Task statement:
Drop every picture, then repeat the records exactly.

————

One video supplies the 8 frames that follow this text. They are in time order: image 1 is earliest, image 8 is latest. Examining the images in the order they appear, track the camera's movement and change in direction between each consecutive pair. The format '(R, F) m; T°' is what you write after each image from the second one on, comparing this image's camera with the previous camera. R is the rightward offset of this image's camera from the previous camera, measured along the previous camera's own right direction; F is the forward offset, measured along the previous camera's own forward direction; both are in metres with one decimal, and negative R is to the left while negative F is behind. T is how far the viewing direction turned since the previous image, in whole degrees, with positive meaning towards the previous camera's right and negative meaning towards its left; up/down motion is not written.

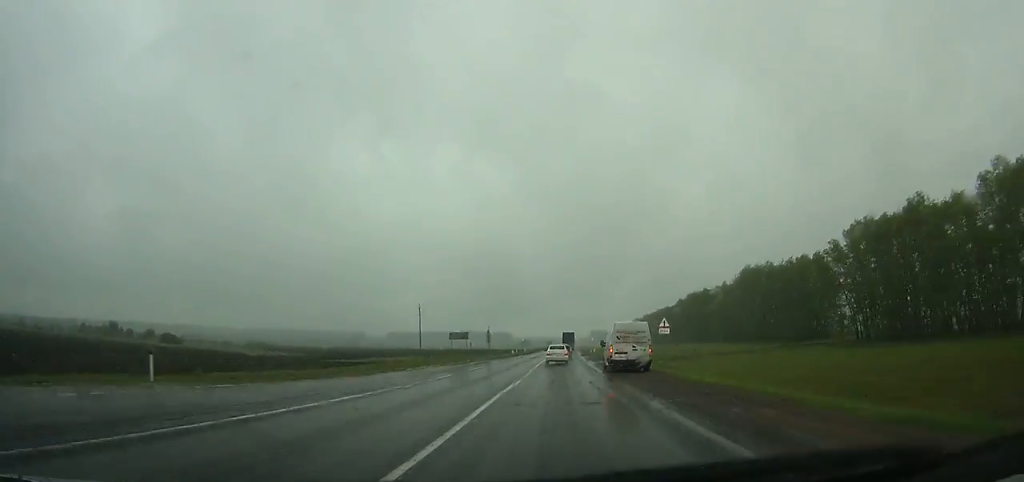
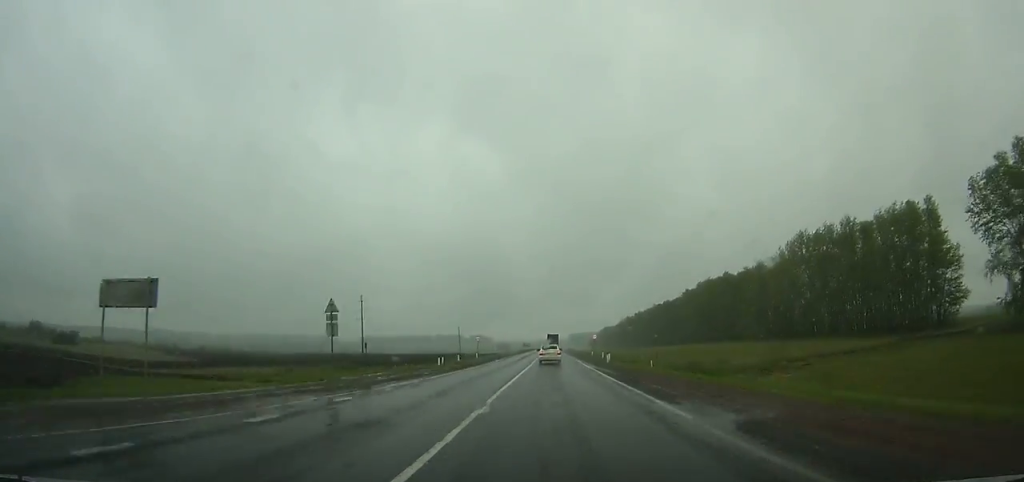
(+0.3, +58.7) m; +1°
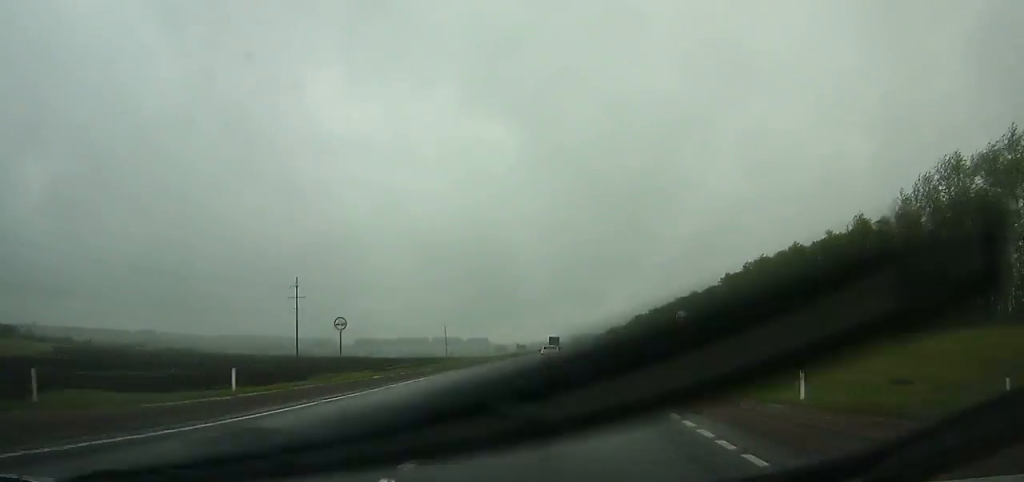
(+0.5, +59.0) m; +1°
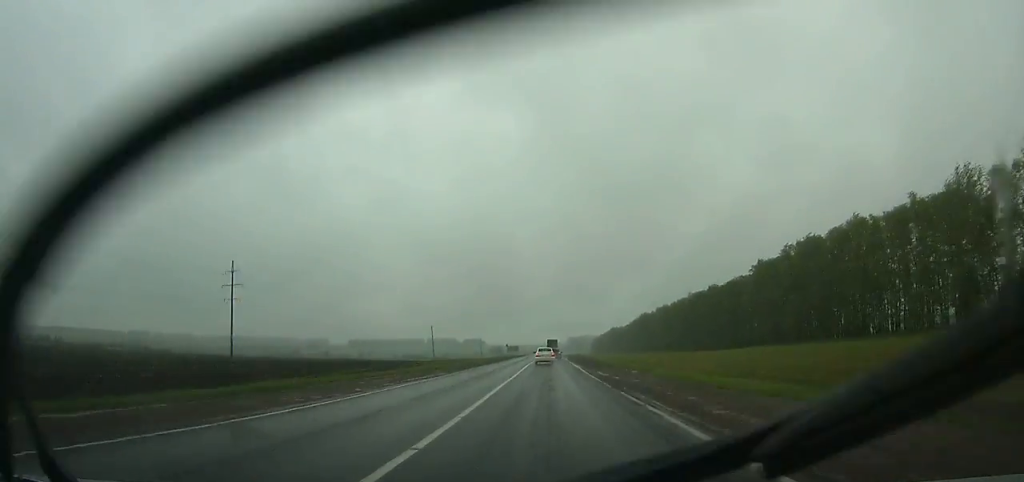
(0.0, +33.0) m; 0°
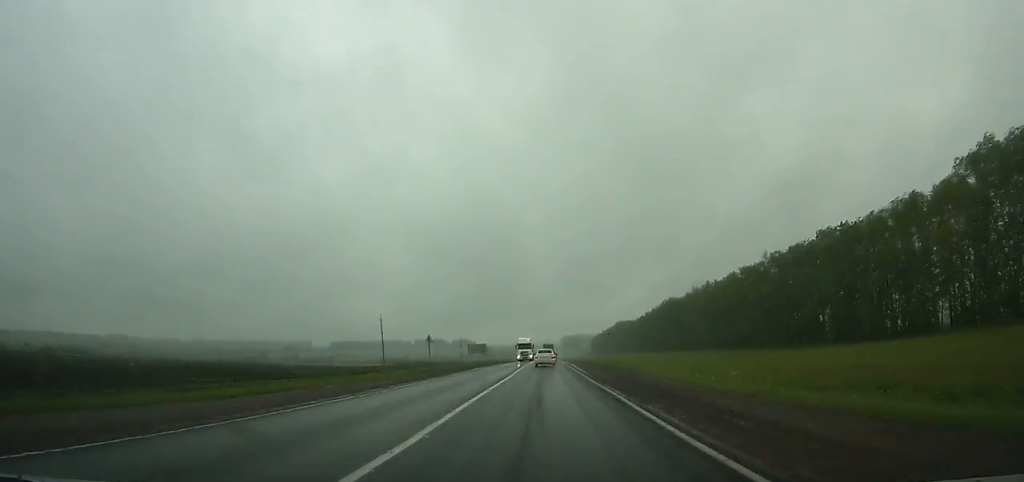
(+0.4, +90.6) m; 0°
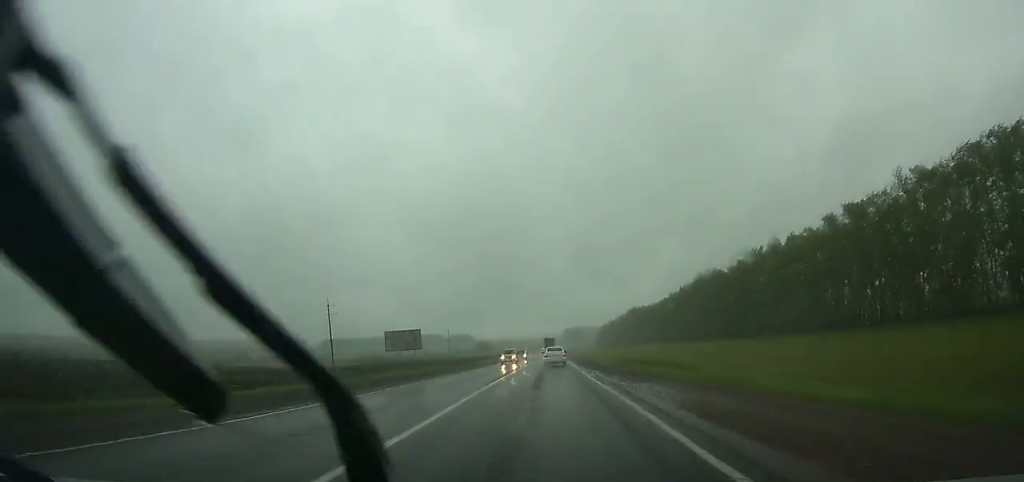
(+0.1, +62.1) m; 0°
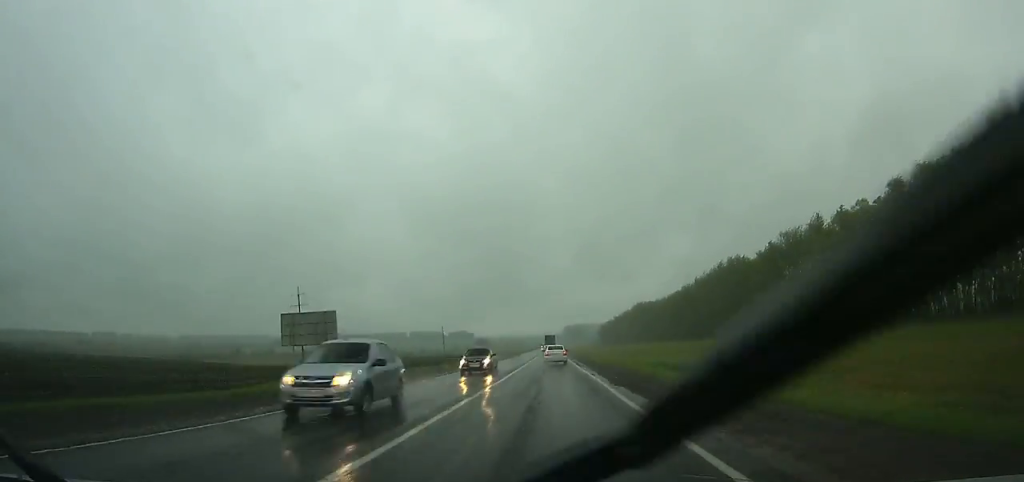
(+0.1, +23.5) m; 0°
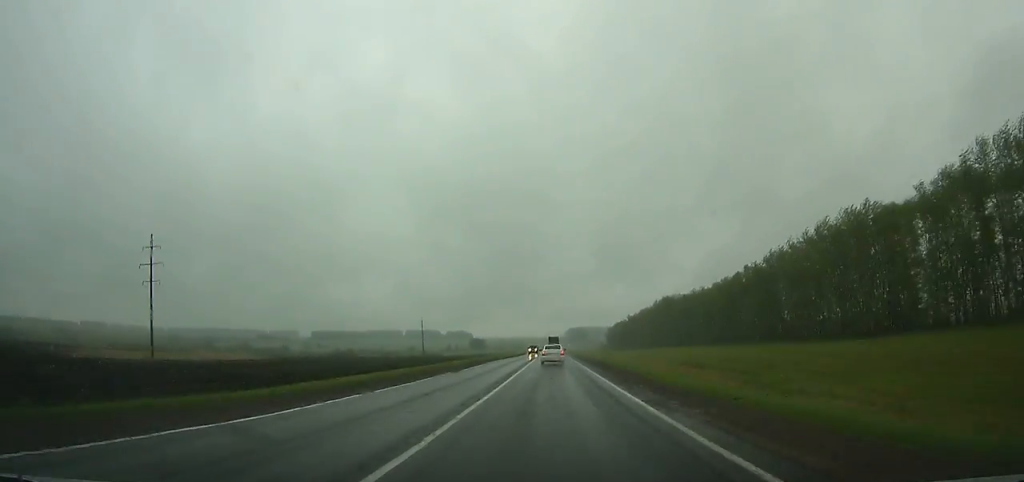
(-0.1, +69.5) m; 0°

————

Result of the exercise:
One video supplies the 8 frames that follow this text. They are in time order: image 1 is earliest, image 8 is latest. Examining the images in the order they appear, track the camera's movement and change in direction between each consecutive pair. The format '(R, F) m; T°' is what you write after each image from the second one on, comparing this image's camera with the previous camera. R is the rightward offset of this image's camera from the previous camera, measured along the previous camera's own right direction; F is the forward offset, measured along the previous camera's own forward direction; both are in metres with one decimal, and negative R is to the left while negative F is behind. T is how far the viewing direction turned since the previous image, in whole degrees, with positive meaning towards the previous camera's right and negative meaning towards its left; up/down motion is not written.

(+0.3, +58.7) m; +1°
(+0.5, +59.0) m; +1°
(0.0, +33.0) m; 0°
(+0.4, +90.6) m; 0°
(+0.1, +62.1) m; 0°
(+0.1, +23.5) m; 0°
(-0.1, +69.5) m; 0°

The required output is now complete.